James Alden, Jr. (March 31, 1810 – February 6, 1877) was a rear admiral in the United States Navy. In the Mexican-American War he participated in the captures of Veracruz, Tuxpan and Tabasco. Fighting on the Union side in the Civil War, he took part in the relief of Fort Pickens, followed by many engagements on the Lower Mississippi, before being promoted Captain of USS Brooklyn and assisting in the Union victory in the Battle of Mobile Bay.
==Early career==
Alden was born in Portland, Maine, and was a direct descendant of John Alden, a Mayflower pilgrim. He was appointed midshipman on April 1, 1828 and spent the initial years of his naval career ashore at the Naval Station in Boston, Massachusetts before he served in the Mediterranean squadron on board the sloop of war USS ''John Adams''. Promoted to passed midshipman on June 14, 1834, Alden then served at the Boston Navy Yard until he was assigned to the United States Exploring Expedition under Lieutenant Charles Wilkes.
During the course of this voyage (1838–1842), the officers and men of the expedition were transferred freely from one vessel to another; Alden, promoted to lieutenant on February 25, 1841, concluded the cruise as executive officer of the sloop USS ''Porpoise''. He saw action at Malolo, in the Fiji Islands, on July 26, 1840, in the punitive expedition against the tribe which had murdered Lieutenant Joseph Underwood and Midshipman Wilkes Henry, the latter a nephew of the expedition's leader, two days before.
After another tour of duty at the naval station at Boston, Alden was assigned to USS ''Constitution'', and circumnavigated the globe in the frigate during her cruise under Captain John ("Mad Jack") Percival. While serving therein, he commanded a boat expedition that cut out several war junks from under the guns of a fort at Zuron Bay, Cochin China. Later serving in the Home Squadron during the Mexican-American War (1846), Alden, an adept surveyor, participated in the captures of Veracruz, Tuxpan and Tabasco.

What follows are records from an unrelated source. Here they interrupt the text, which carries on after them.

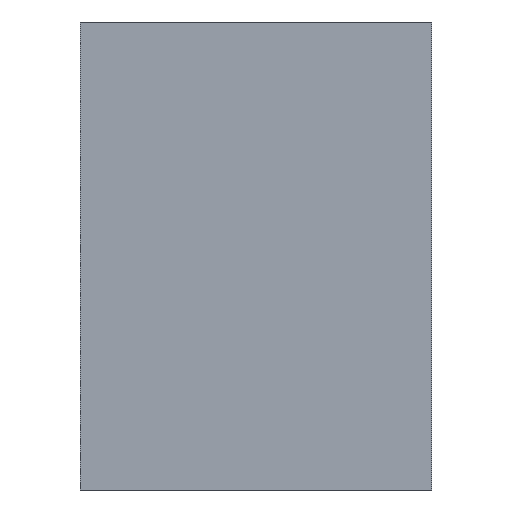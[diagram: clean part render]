
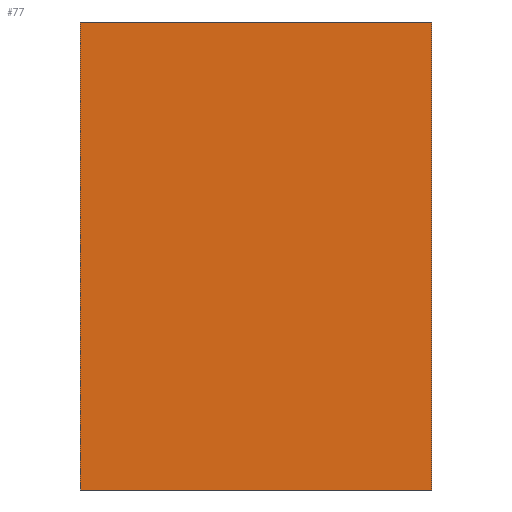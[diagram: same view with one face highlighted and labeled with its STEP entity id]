
A CAD part, left-side view. The second image highlights one B-rep face of the part: STEP entity #77.
In plain terms, the highlighted planar face has unit normal (-1, 0, 0).
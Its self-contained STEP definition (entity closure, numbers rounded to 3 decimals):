
#77 = ADVANCED_FACE( '', ( #94 ), #95, .F. );
#94 = FACE_OUTER_BOUND( '', #122, .T. );
#95 = PLANE( '', #123 );
#122 = EDGE_LOOP( '', ( #166, #167, #168, #169 ) );
#123 = AXIS2_PLACEMENT_3D( '', #170, #171, #172 );
#166 = ORIENTED_EDGE( '', *, *, #263, .T. );
#167 = ORIENTED_EDGE( '', *, *, #264, .F. );
#168 = ORIENTED_EDGE( '', *, *, #265, .F. );
#169 = ORIENTED_EDGE( '', *, *, #251, .T. );
#170 = CARTESIAN_POINT( '', ( -62.5, -75., 100. ) );
#171 = DIRECTION( '', ( 1., 0., 0. ) );
#172 = DIRECTION( '', ( 0., 0., -1. ) );
#251 = EDGE_CURVE( '', #286, #284, #287, .T. );
#263 = EDGE_CURVE( '', #284, #307, #309, .T. );
#264 = EDGE_CURVE( '', #310, #307, #311, .T. );
#265 = EDGE_CURVE( '', #286, #310, #312, .T. );
#284 = VERTEX_POINT( '', #339 );
#286 = VERTEX_POINT( '', #342 );
#287 = LINE( '', #343, #344 );
#307 = VERTEX_POINT( '', #371 );
#309 = LINE( '', #374, #375 );
#310 = VERTEX_POINT( '', #376 );
#311 = LINE( '', #377, #378 );
#312 = LINE( '', #379, #380 );
#339 = CARTESIAN_POINT( '', ( -62.5, 75., 100. ) );
#342 = CARTESIAN_POINT( '', ( -62.5, -75., 100. ) );
#343 = CARTESIAN_POINT( '', ( -62.5, -75., 100. ) );
#344 = VECTOR( '', #421, 1000. );
#371 = CARTESIAN_POINT( '', ( -62.5, 75., -100. ) );
#374 = CARTESIAN_POINT( '', ( -62.5, 75., 100. ) );
#375 = VECTOR( '', #439, 1000. );
#376 = CARTESIAN_POINT( '', ( -62.5, -75., -100. ) );
#377 = CARTESIAN_POINT( '', ( -62.5, -75., -100. ) );
#378 = VECTOR( '', #440, 1000. );
#379 = CARTESIAN_POINT( '', ( -62.5, -75., 100. ) );
#380 = VECTOR( '', #441, 1000. );
#421 = DIRECTION( '', ( 0., 1., 0. ) );
#439 = DIRECTION( '', ( 0., 0., -1. ) );
#440 = DIRECTION( '', ( 0., 1., 0. ) );
#441 = DIRECTION( '', ( 0., 0., -1. ) );

Following the war with Mexico, Alden served as inspector of provisions and clothing at Boston until detached from this duty on May 18, 1849 to go to Washington, D.C., and report to the Secretary of the Treasury for duty with the United States Coast Survey. From the summer of 1849 to the late winter of 1851, he commanded, in succession, the Coast Survey steamers ''John Y. Mason'' and ''Walker'' in survey duty off the eastern seaboard. Assigned to duty on the Pacific coast thereafter, Alden traveled to San Francisco where he replaced William Pope McArthur as commander of the Coast Survey Schooner Ewing and surveyed from San Francisco to San Diego.〔''Report of the Superintendent of the Coast Survey, Showing the Progress of the Survey during 1852'' pages 104-107〕 In 1852, he assumed command of the Coast Survey steamer ''Active'', and carried out survey work off the United States West Coast into 1860. During this time, on September 1, 1855, he was promoted to commander.